Lahey’de Güney Afrika tarafından İsrail’e açılan davaya da işaret eden Kurtulmuş, şunları söyledi:
“Lahey Uluslararası Adalet Divanı’nda başlayan mahkeme safahatıyla yeni bir dönem başlamıştır. Aslında açık söyleyeyim. Dünya siyaseti için de yeni bir dönem başlamıştır. Bu dönemle birlikte dünyada hak, adalet, insaf ve vicdan arayışı içerisinde olan insanların artık yeni bir yol arayışı içerisinde olduğu aşikardır. Hükümetlerin bir kısmı, Gazze’de işlenen soykırıma varan büyük katliama sessiz kalsa da dünya halkları sessiz kalmamış; Washington’dan Londra’ya, Paris’ten Brüksel’e kadar birçok başkentte milyonlarca insan sokağa dökülmüştür. Artık insanlık, bu canavarın durdurulmasını, insanlık suçlarını bilerek, isteyerek işleyen bu mekanizmanın durdurulmasını talep etmektedir. Bunun için her türlü fırsatı ortaya koymak ve Gazze’de yaşanan bu büyük insanlık suçunu önlemek mecburiyetindeyiz.”
İsrail’in saldırıları
Birleşmiş Milletler’in mültecilere yardım kuruluşları başta olmak üzere birçok kuruluşun, Netanyahu çetesini destekleyen ülkeler ve güçler tarafından engellendiğini söyleyen Kurtulmuş, şu anda çok daha tehlikeli bir noktaya bu sürecin geldiğini belirtti. Kurtulmuş, şöyle dedi: “İsrail’in başbakanı şu anda Refah Kapısı’na sıkıştırılmış olan yaklaşık 1,5 milyona yakın Filistinlinin üzerine orada da bombalar atıyor ve dünyaya meydan okuyarak diyor ki, ‘Bunları oradan da silip atacağız.’ Böylece yeni bir insanlık suçunu işlemeye devam edeceğini, dünyanın gözünün içine baka baka ifade ediyor. Buna karşın insanlığın ortak vicdanı harekete geçmiştir ama sonuç almak için çok daha güçlü mücadele etmemiz lazımdır. Bu Uluslararası Adalet Divanı’ndaki ara kararla birlikte ortaya çıkan durum, yeni bir fırsattır. Ümit ederiz ki arkasından uluslararası savaş suçları mahkemesindeki yargılamanın başlaması ile insanlık bu ayıptan hiç olmazsa bir miktar kurtulabilecektir.”

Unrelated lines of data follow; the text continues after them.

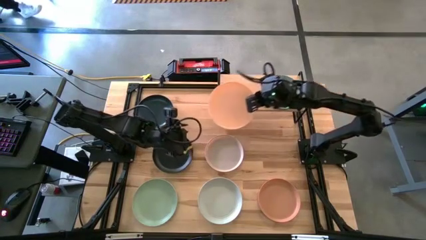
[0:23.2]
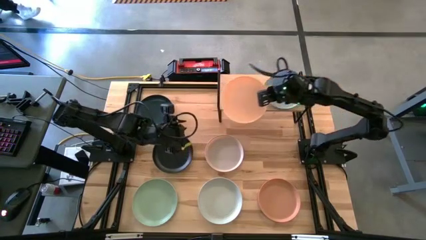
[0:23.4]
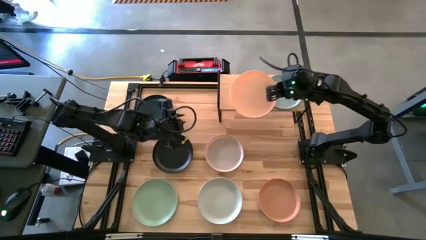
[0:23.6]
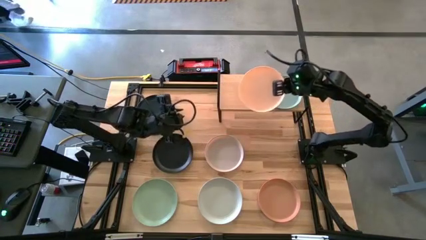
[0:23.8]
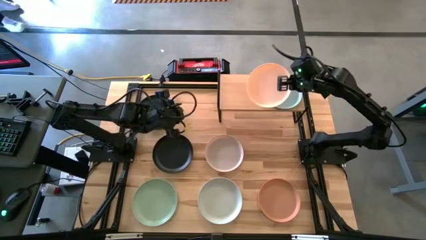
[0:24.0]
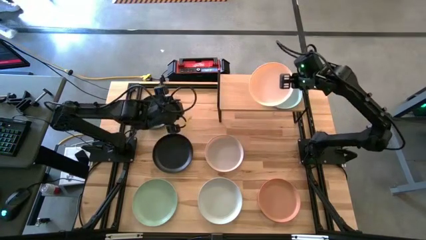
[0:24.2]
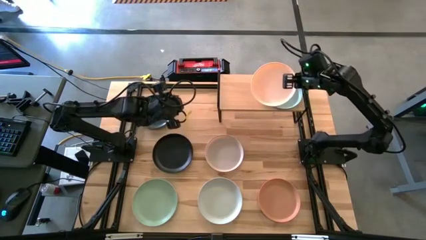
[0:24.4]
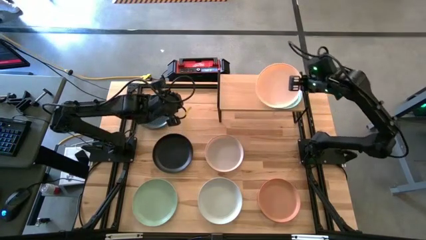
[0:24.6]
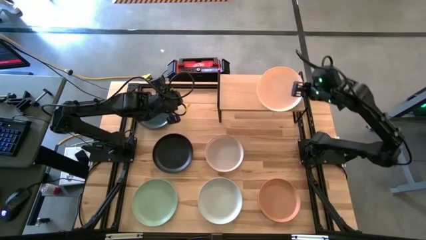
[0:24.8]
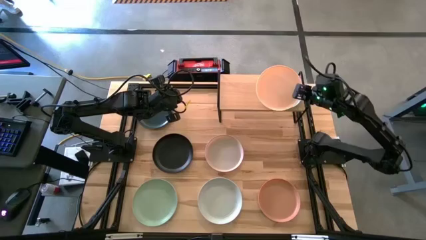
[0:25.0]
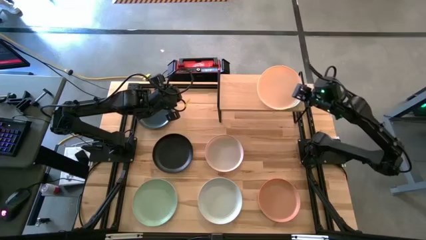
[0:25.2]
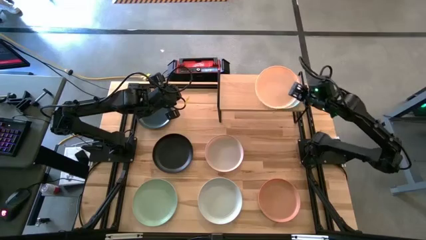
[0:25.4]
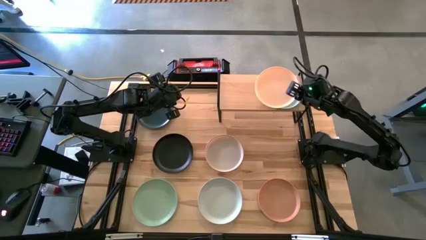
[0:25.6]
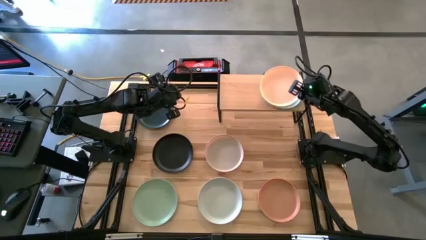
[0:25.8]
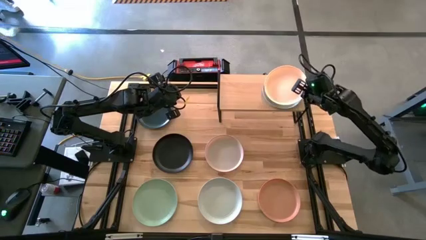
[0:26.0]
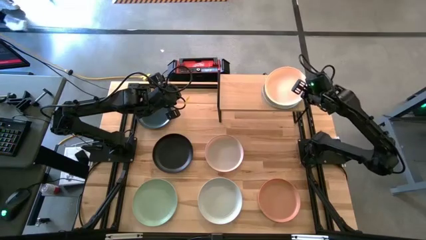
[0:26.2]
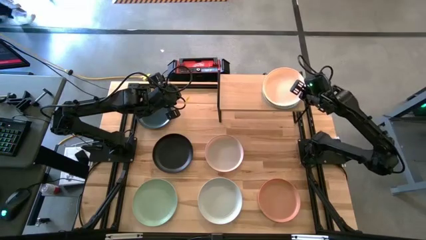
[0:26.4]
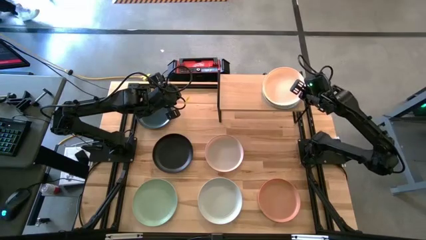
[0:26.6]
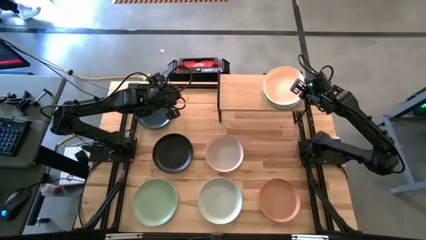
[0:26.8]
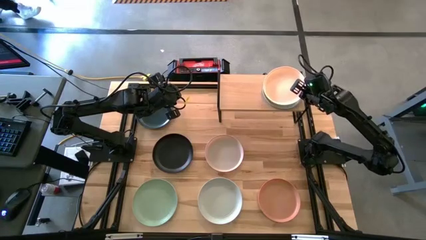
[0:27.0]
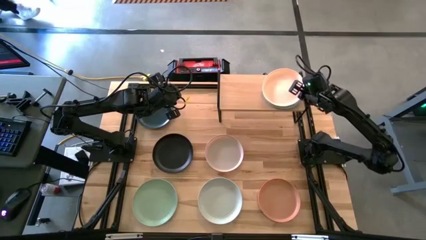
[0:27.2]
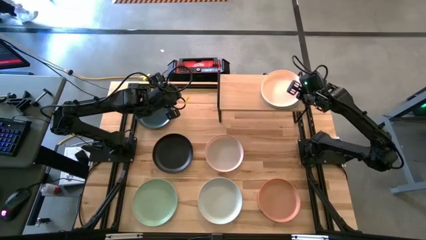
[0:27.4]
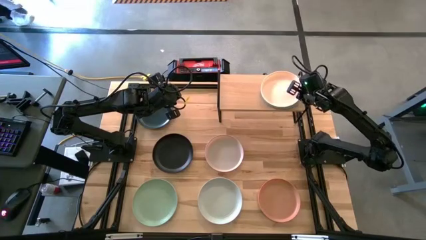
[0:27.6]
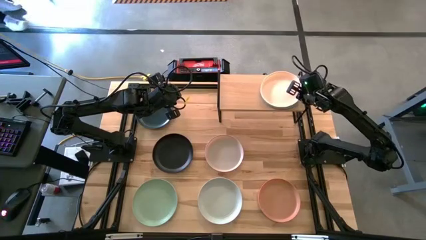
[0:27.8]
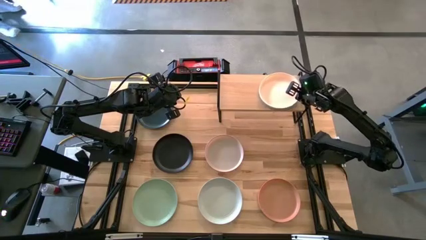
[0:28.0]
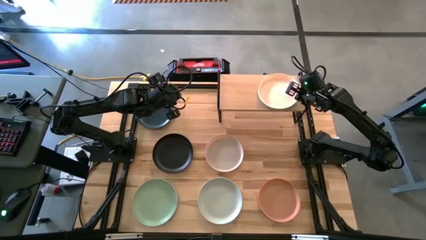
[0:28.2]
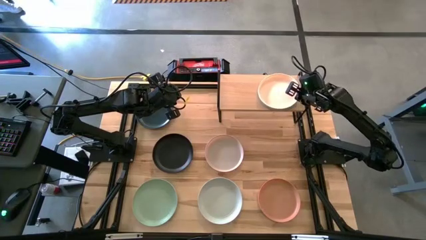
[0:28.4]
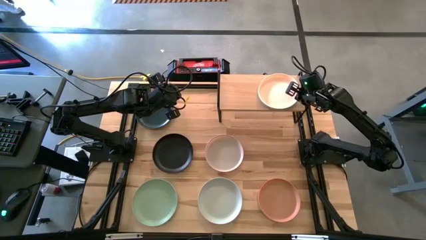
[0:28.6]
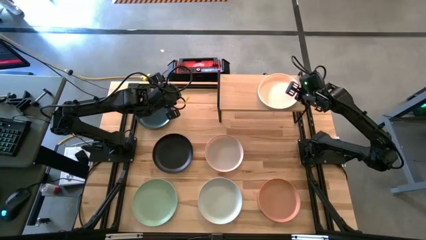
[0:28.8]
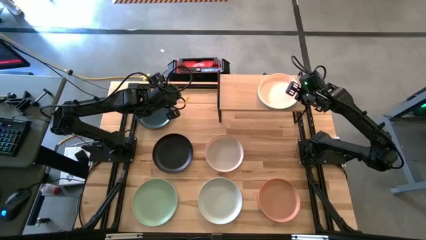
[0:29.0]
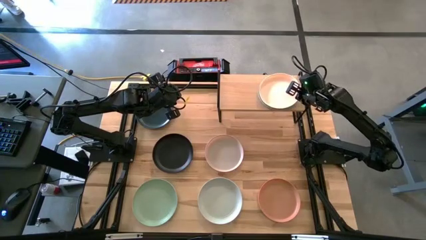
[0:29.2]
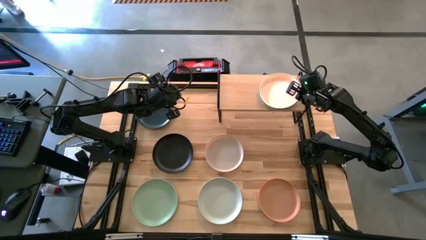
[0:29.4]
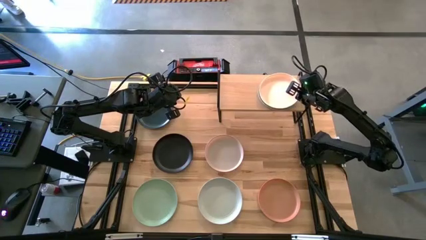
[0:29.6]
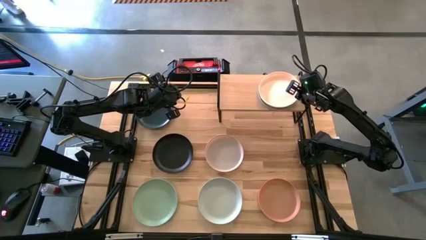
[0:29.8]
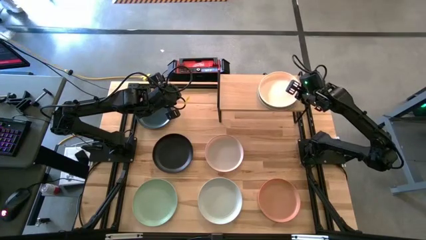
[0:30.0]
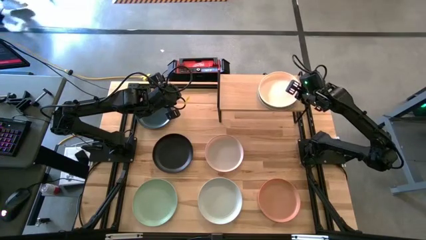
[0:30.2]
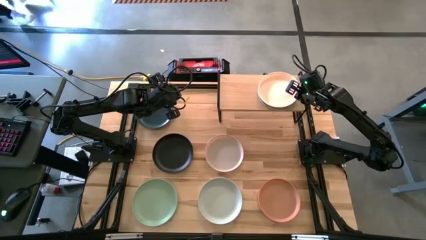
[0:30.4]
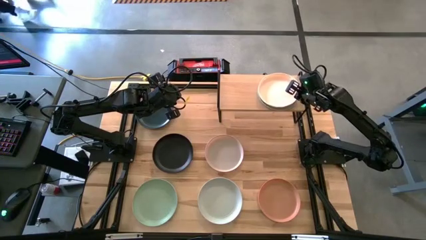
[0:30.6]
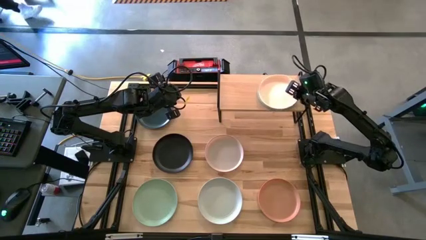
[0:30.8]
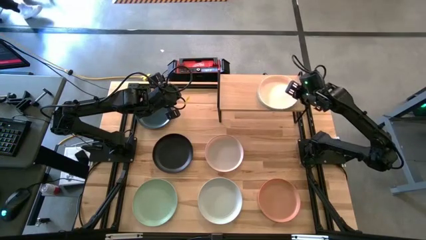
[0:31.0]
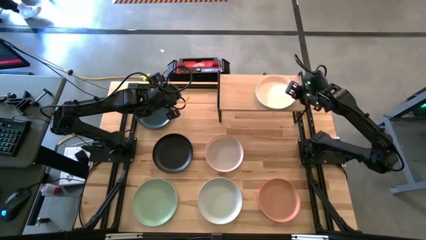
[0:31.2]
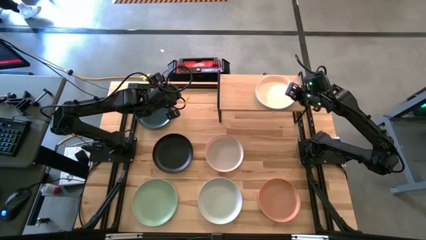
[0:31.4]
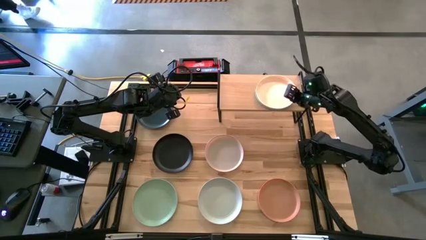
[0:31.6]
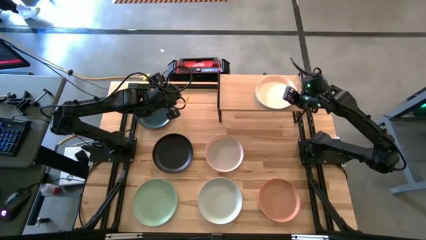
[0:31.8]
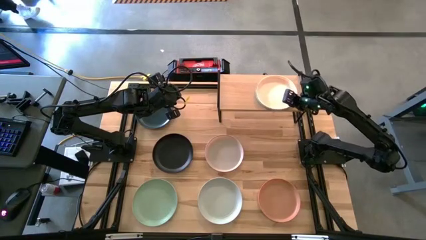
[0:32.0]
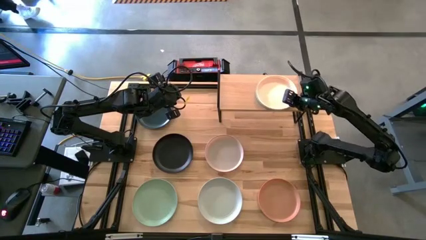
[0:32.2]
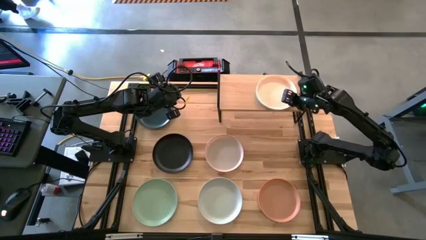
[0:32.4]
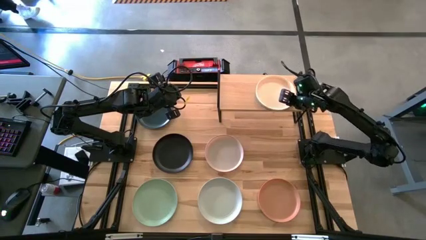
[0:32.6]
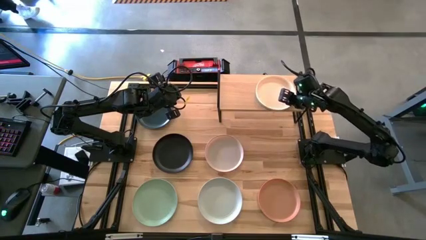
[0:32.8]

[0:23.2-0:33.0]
Task: Place and stack plates onto a shelf
Stack the pink plate on top of the light blue plate on the shelf

“Uluslararası yeni bir anlayışa ihtiyaç var”
Yeni bir uluslararası yapının kurulması gerektiğini belirten Kurtulmuş, “Önümüzdeki dönemde hep beraber çalışarak inşa etmemiz gereken yeni bir alan; yeryüzünde adaleti, barışı, insanlığı, ülkelerin eşit egemenliğini, halkların arasında hiçbir ayrımcılık gözetmeksizin bütün insanlığı eşit gören yeni bir anlayışı inşa etmek zorundayız. Açıkçası, yeni bir Birleşmiş Milletler’e, yeni bir küresel barış mekanizmasına ve dünyayı yeniden insanların eşitliği prensibi içerisinde, barış çerçevesinde bir araya getirebilecek uluslararası bir anlayışa ihtiyacımız var” dedi.